In a 56-week study of 132 people who had regained weight after weight-loss surgery, those given liraglutide 3.0 mg daily lost an average of 8.8% of their body weight, compared to a 1.1% loss in the placebo group. About 76% of the liraglutide group lost at least 5% of their body weight, while only 17% of the placebo group did. No one in the placebo group lost 10% or more, but 51% of the liraglutide group did.

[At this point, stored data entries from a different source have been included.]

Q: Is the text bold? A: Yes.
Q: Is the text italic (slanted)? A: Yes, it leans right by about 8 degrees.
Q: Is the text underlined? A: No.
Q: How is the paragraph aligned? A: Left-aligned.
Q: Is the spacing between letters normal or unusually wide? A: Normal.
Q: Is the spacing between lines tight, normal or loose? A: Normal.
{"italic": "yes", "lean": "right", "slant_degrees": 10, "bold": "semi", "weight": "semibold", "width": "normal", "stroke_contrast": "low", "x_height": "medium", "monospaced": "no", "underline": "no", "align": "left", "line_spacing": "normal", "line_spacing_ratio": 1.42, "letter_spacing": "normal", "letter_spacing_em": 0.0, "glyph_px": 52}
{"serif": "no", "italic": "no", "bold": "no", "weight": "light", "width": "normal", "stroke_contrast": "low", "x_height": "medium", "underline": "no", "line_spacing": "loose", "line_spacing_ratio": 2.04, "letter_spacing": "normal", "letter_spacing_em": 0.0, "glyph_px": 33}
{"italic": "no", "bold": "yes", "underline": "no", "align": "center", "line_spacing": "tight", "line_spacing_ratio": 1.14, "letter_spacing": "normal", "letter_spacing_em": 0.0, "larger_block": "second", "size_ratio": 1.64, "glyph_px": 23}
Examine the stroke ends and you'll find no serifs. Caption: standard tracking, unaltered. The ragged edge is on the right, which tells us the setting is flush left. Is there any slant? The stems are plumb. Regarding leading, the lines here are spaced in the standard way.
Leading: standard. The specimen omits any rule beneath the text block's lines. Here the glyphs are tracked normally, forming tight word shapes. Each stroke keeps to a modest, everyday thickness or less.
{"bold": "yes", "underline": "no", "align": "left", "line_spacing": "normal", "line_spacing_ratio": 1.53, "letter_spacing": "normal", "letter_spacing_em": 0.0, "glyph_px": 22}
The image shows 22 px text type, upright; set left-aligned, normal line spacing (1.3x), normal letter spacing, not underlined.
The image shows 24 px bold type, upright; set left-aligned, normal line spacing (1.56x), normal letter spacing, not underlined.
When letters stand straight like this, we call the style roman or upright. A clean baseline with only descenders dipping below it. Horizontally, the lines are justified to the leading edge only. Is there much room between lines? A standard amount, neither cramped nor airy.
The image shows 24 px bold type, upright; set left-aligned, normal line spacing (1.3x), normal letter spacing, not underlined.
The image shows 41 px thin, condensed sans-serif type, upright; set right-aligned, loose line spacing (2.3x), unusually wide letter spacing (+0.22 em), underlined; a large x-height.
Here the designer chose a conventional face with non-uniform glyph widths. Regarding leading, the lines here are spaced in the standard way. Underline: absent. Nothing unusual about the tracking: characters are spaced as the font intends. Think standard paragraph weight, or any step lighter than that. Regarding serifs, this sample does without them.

AI summary of the abstract below.

JournalSurg Obes Relat Dis, 2025
Citations12
Relative citation ratio4.85
Molecules liraglutide
Conditions studied Obesity

Abstract

BACKGROUND: Bariatric surgery, such as Roux-en-Y gastric bypass (RYGB) remains the gold standard for treating obesity. Most people regain weight from postsurgery nadir. OBJECTIVES: Liraglutide 3.0 mg is approved for weight management. This study will examine the effects on liraglutide 3.0 mg on weight regain post-RYGB. SETTING: University Hospital, United States. METHODS: A 56-week, double-blind, placebo-controlled study was conducted in 132 subjects, who achieved ≥25% total body weight loss (TBWL) status-post-RYGB and regained ≥10% TBWL after reaching nadir weight (NW). Subjects 18-120 months post-RYGB were randomized to receive liraglutide 3.0 mg/d (n = 89) or placebo (n = 43) with lifestyle counseling regularly for 56 weeks. The co-primary endpoints were the proportion of subjects losing at least 5%, 10%, and 15% TBWL and achieving weight lower than their NW. RESULTS: 53.4% of the placebo group and 65% of the liraglutide group completed the trial due to Severe acute respiratory syndrome coronavirus 2 pandemic. The change in %TBWL from baseline to 56-weeks was -8.8 (8.5, -29.2 to 9.7) and 1.1 (3.5, -7.9 to 5.99) in the liraglutide and placebo groups, respectively. 76% and 17% of subjects achieved ≥5% TBWL at 56 weeks in the liraglutide and placebo groups, respectively; 51% and 26.0% of the liraglutide group achieved ≥10% and ≥15% TBWL, respectively. None of the placebo group lost ≥10% TBWL. Twenty-one percent of subjects receiving liraglutide surpassed postoperative NW. No subjects on placebo met this goal. Nonserious adverse events occurred in 41.6% of subjects on liraglutide. Serious adverse events (SAE) occurred less often on liraglutide. CONCLUSIONS: Liraglutide was significantly more effective than placebo in treating weight regain that occurs post-RYGB without increased SAE.